В марте 65 лет исполнилось профессору-исследователю школы филологических наук Максиму Кронгаузу. О семье, возможности думать в детстве, необходимости учиться и просветительстве он рассказал «Вышке для своих».
Не могу точно сказать, что такое любовь к языку, но любовь к тому, чтобы подбирать слова, разбираться со словами, — это во мне, конечно, из детства, из семьи. Отец мой был поэтом, мама и бабушка не работали, но ближе к пенсии мама решила выйти на работу и стала корректором. Папа, как и многие поэты советского времени, зарабатывал переводами. В основном переводил поэтов Туркмении, Азербайджана, Грузии. Без знания языка, по подстрочникам. Он запирался в кабинете и переводил, и меня он немного приучил к таким переводам, показывал, как это, и я немного переводил.
Семья — это главное, что было в жизни, в ней было очень много любви и тепла, я за нее очень держался. Был такой детский страх — не любил уходить из дома без родителей. Боялся приглашений на дни рождения. Там, правда, еще одно обстоятельство было: я очень мало ел в детстве, а на этих днях рождения всегда уговаривали есть.
Мы жили возле Ленинградского проспекта, тогда посредине проспекта была аллея, и мы с отцом ходили по ней часами и разговаривали. Это было познание мира в самом простом бытовом смысле: не то чтобы мы ежеминутно выводили закон жизни — такого не было, просто говорили обо всем подряд. С тех пор ловлю себя на том, что коммуникацию часто представляю «ногами»: пройтись с человеком и поговорить — для меня чаще всего оптимальный способ прийти к чему-то содержательному. Иногда заходили на стадионы — ЦСКА, «Динамо», смотрели тренировки. Я тогда полюбил футбол и вообще много стал играть. Отец меня учил разным играм — например, игре из своего детства «пуговичбол», когда пуговицами играют в футбол, и я передал ее своим школьным друзьям. В более широком смысле семья тоже оказывала влияние: сестра деда научила меня играть в шахматы, и они стали важной частью жизни. Собственно, и дед с отцовской стороны тоже стал важным для меня человеком, хотя умер за месяц до моего рождения: он был известным журналистом, и много было другой родни, чья жизнь была связана со словом.

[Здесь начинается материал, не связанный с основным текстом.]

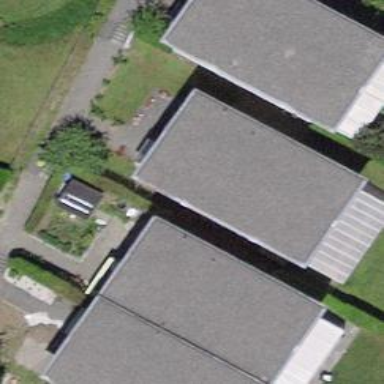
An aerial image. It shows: Residential building.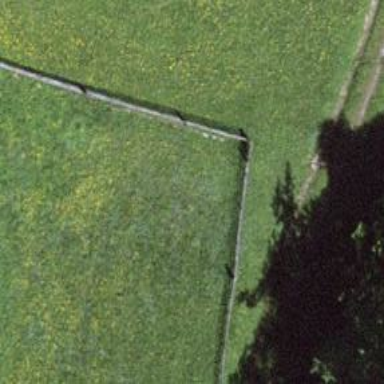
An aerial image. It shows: Fence.
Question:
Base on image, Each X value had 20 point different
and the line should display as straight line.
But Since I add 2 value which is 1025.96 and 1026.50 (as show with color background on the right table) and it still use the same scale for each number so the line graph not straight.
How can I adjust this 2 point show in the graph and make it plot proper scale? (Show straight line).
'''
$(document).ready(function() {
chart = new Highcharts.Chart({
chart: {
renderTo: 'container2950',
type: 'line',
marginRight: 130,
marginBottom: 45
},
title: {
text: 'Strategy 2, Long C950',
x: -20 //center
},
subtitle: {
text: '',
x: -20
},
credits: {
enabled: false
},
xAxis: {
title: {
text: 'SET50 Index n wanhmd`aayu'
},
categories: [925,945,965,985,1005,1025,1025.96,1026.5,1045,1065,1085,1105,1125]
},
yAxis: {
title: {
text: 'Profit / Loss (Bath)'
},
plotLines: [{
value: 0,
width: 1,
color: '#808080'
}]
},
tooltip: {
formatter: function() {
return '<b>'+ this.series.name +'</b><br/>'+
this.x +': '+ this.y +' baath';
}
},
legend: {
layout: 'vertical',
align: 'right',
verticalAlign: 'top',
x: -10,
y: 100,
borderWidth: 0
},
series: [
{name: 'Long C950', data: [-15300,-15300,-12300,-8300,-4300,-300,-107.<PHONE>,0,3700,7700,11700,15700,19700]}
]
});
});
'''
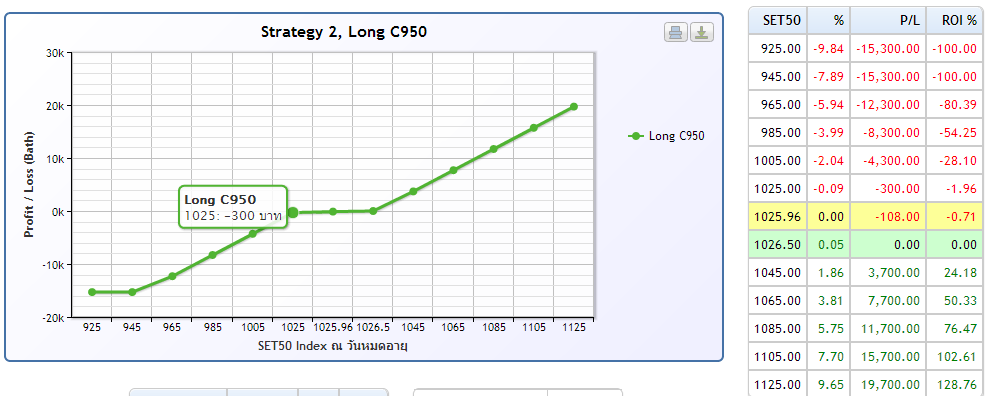
Answer: Without any code to see, I can't be sure, but I suspect you are specifying xAxis categories. This will always equally space the x axis parameters rather than plotting them to scale.
Instead, you should specify your series data like this:
'''
data:[ [925,-15300],[945,-15300] ]
'''
This specifies x,y value pairs. You can also do:
'''
data:[ {x:925,y:-15300},{x:945,y:-15300} ]
'''
The second option allows you to set other point attributes such as colour etc.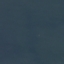
Land use / land cover class: SeaLake

Школу как институцию я не любил. Учился нормально — не плохо и не хорошо, но вспомнить, что я приобрел там в смысле знаний, не могу, кажется, школьные предметы во мне не очень задержались. Но это было время взросления, по-своему тоже прекрасное. Двое моих самых близких друзей — это школьные друзья, и вот мы вместе с ними играли, говорили, осмысляли мир вообще, это было такое интенсивное размышление о себе, своем взрослении и — извините за дурацкое слово — о смысле жизни.
Я очень много читал. Школьный период — основной период чтения в моей жизни, а также чуть после школы, когда запоем читаются книги, и я за четыре дня прочел «Войну и мир», просто не вставая. И, как ни банально звучит, очень много думал. Я благодарен своей семье за то, что у меня была такая возможность, — меня не тормошили. Возвращаясь из школы, я в прямом смысле слова зависал в своей комнате на много часов: падал в кресло и думал обо всем на свете. И я думаю, что этот процесс играл важную роль в моей жизни. Я его никому не порекомендую, потому что кажется, что это весьма бесполезное времяпровождение, но для меня это думание действительно заменяло школу, потому что думать было интересно, а в школе — неинтересно.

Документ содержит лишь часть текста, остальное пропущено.